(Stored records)
* * * *

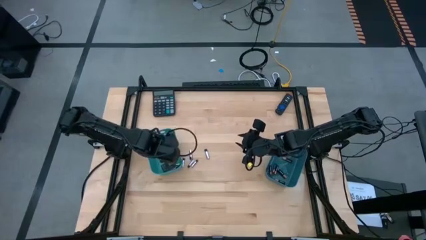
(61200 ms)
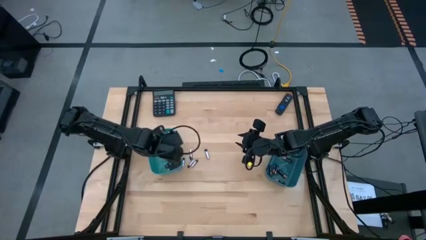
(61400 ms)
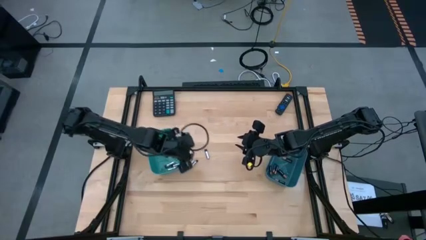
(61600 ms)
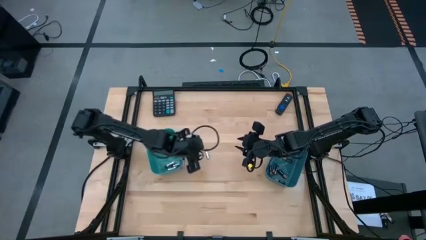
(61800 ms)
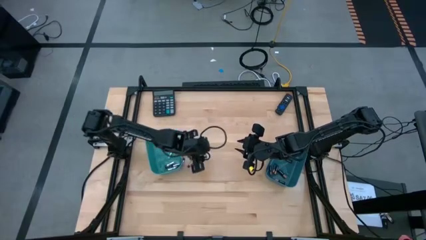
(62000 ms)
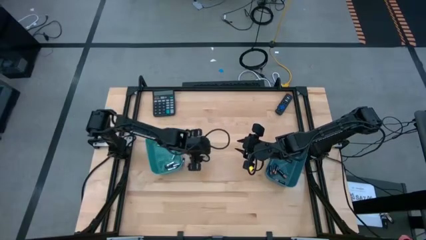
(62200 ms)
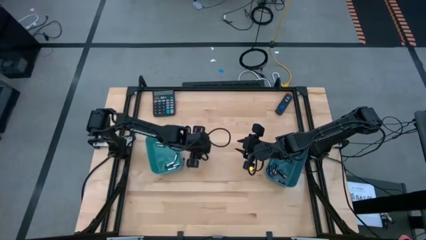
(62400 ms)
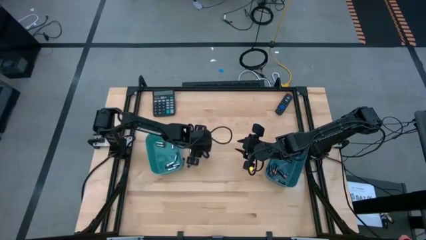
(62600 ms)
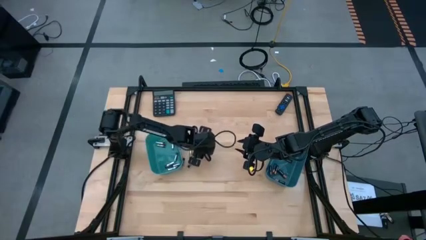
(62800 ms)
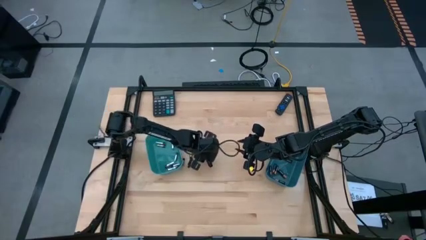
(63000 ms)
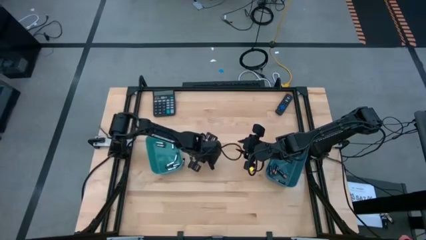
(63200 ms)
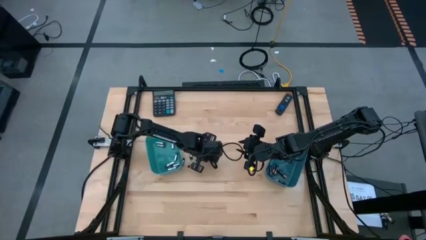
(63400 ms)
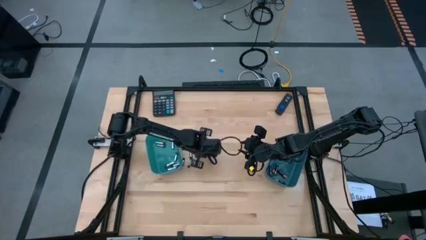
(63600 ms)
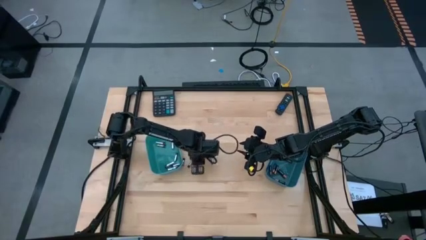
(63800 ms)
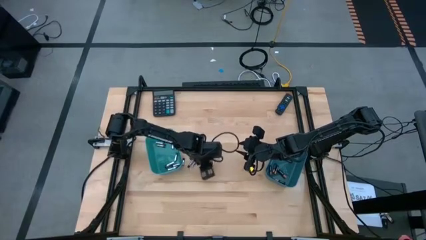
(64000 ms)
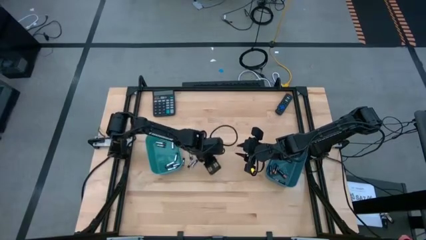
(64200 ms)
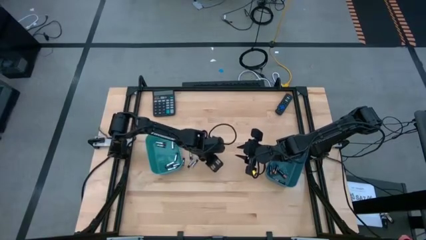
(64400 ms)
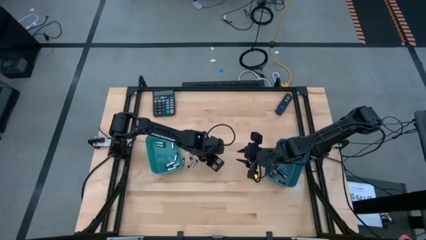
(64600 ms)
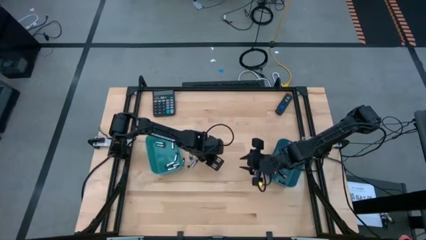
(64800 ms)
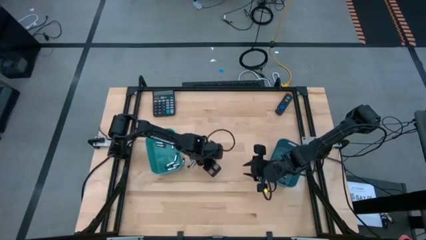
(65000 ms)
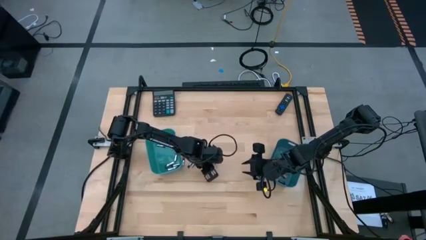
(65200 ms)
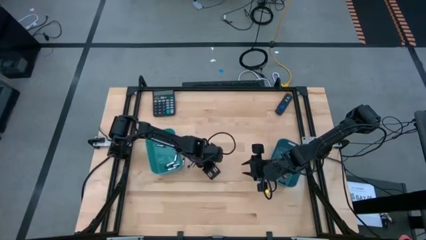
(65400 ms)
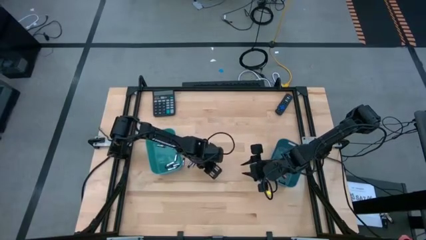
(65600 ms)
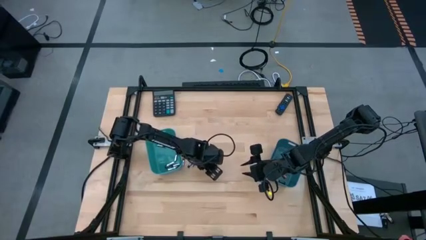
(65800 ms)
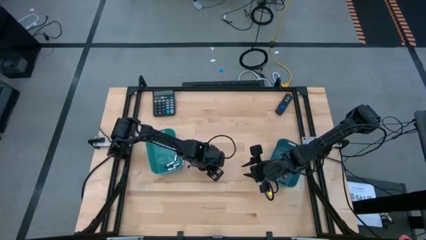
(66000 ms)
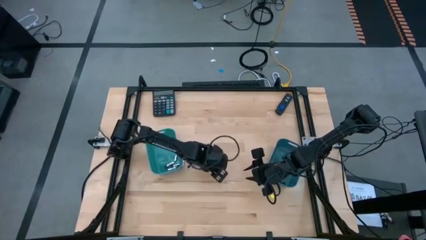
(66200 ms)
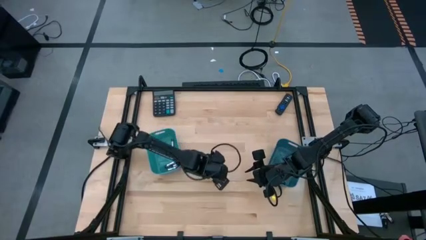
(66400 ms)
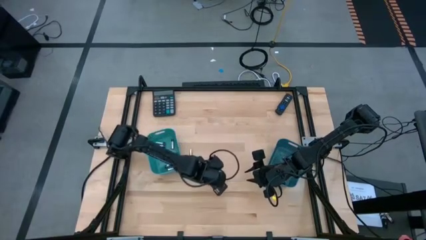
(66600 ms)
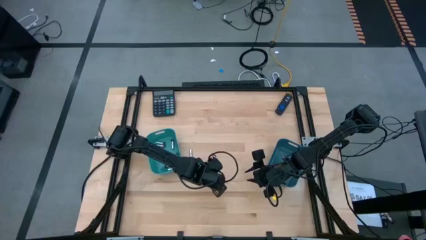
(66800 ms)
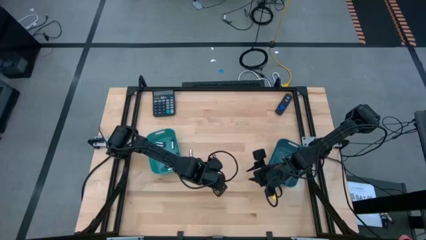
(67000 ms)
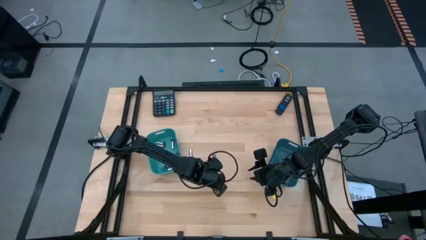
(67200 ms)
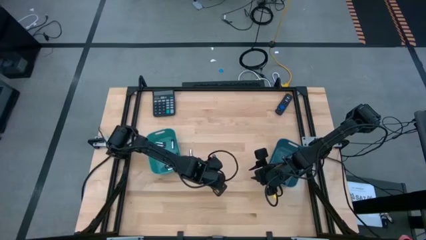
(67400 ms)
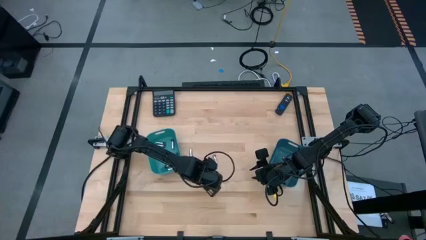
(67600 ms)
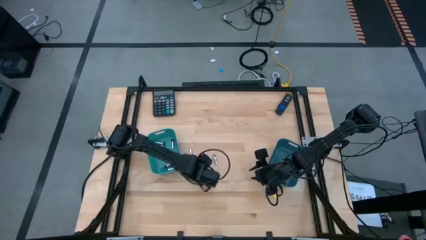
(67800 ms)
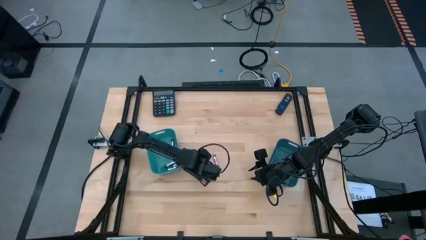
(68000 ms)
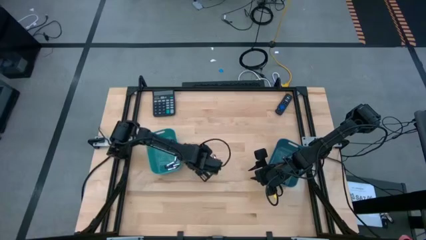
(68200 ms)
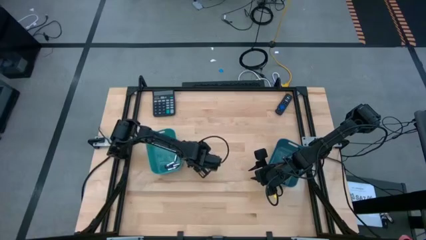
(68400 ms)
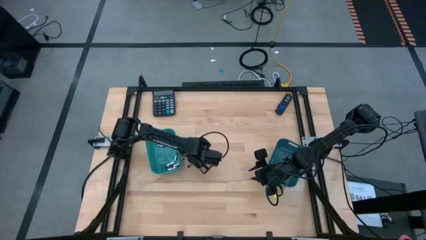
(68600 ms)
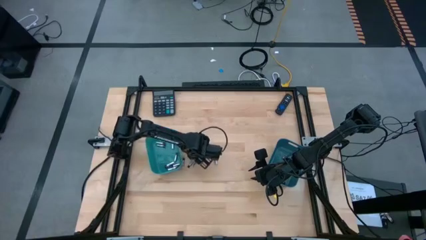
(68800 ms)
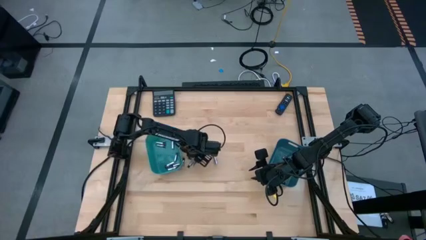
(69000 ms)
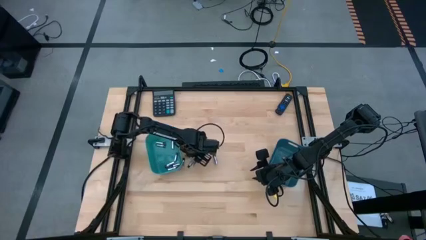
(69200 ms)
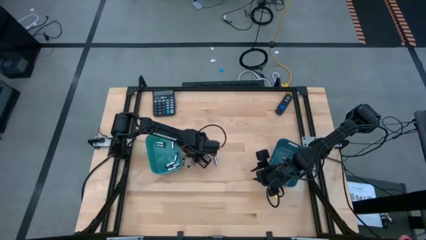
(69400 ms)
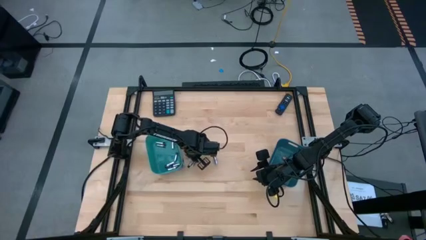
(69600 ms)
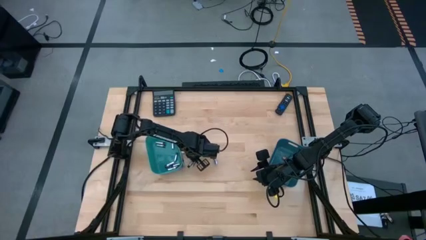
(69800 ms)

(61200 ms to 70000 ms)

* * * *

Exercise description -
None of the pictures should be carried over when the data above is transcribed exactly.

Result of the task -
(61200 ms)
(61400 ms)
(61600 ms)
(61800 ms)
(62000 ms)
(62200 ms)
(62400 ms)
(62600 ms)
(62800 ms)
(63000 ms)
(63200 ms)
(63400 ms)
(63600 ms)
(63800 ms)
(64000 ms)
(64200 ms)
(64400 ms)
(64600 ms)
(64800 ms)
(65000 ms)
(65200 ms)
(65400 ms)
(65600 ms)
(65800 ms)
(66000 ms)
(66200 ms)
(66400 ms)
(66600 ms)
(66800 ms)
(67000 ms)
(67200 ms)
(67400 ms)
(67600 ms)
(67800 ms)
(68000 ms)
(68200 ms)
(68400 ms)
(68600 ms)
(68800 ms)
(69000 ms)
(69200 ms)
(69400 ms)
(69600 ms)
(69800 ms)

(61200 ms to 70000 ms)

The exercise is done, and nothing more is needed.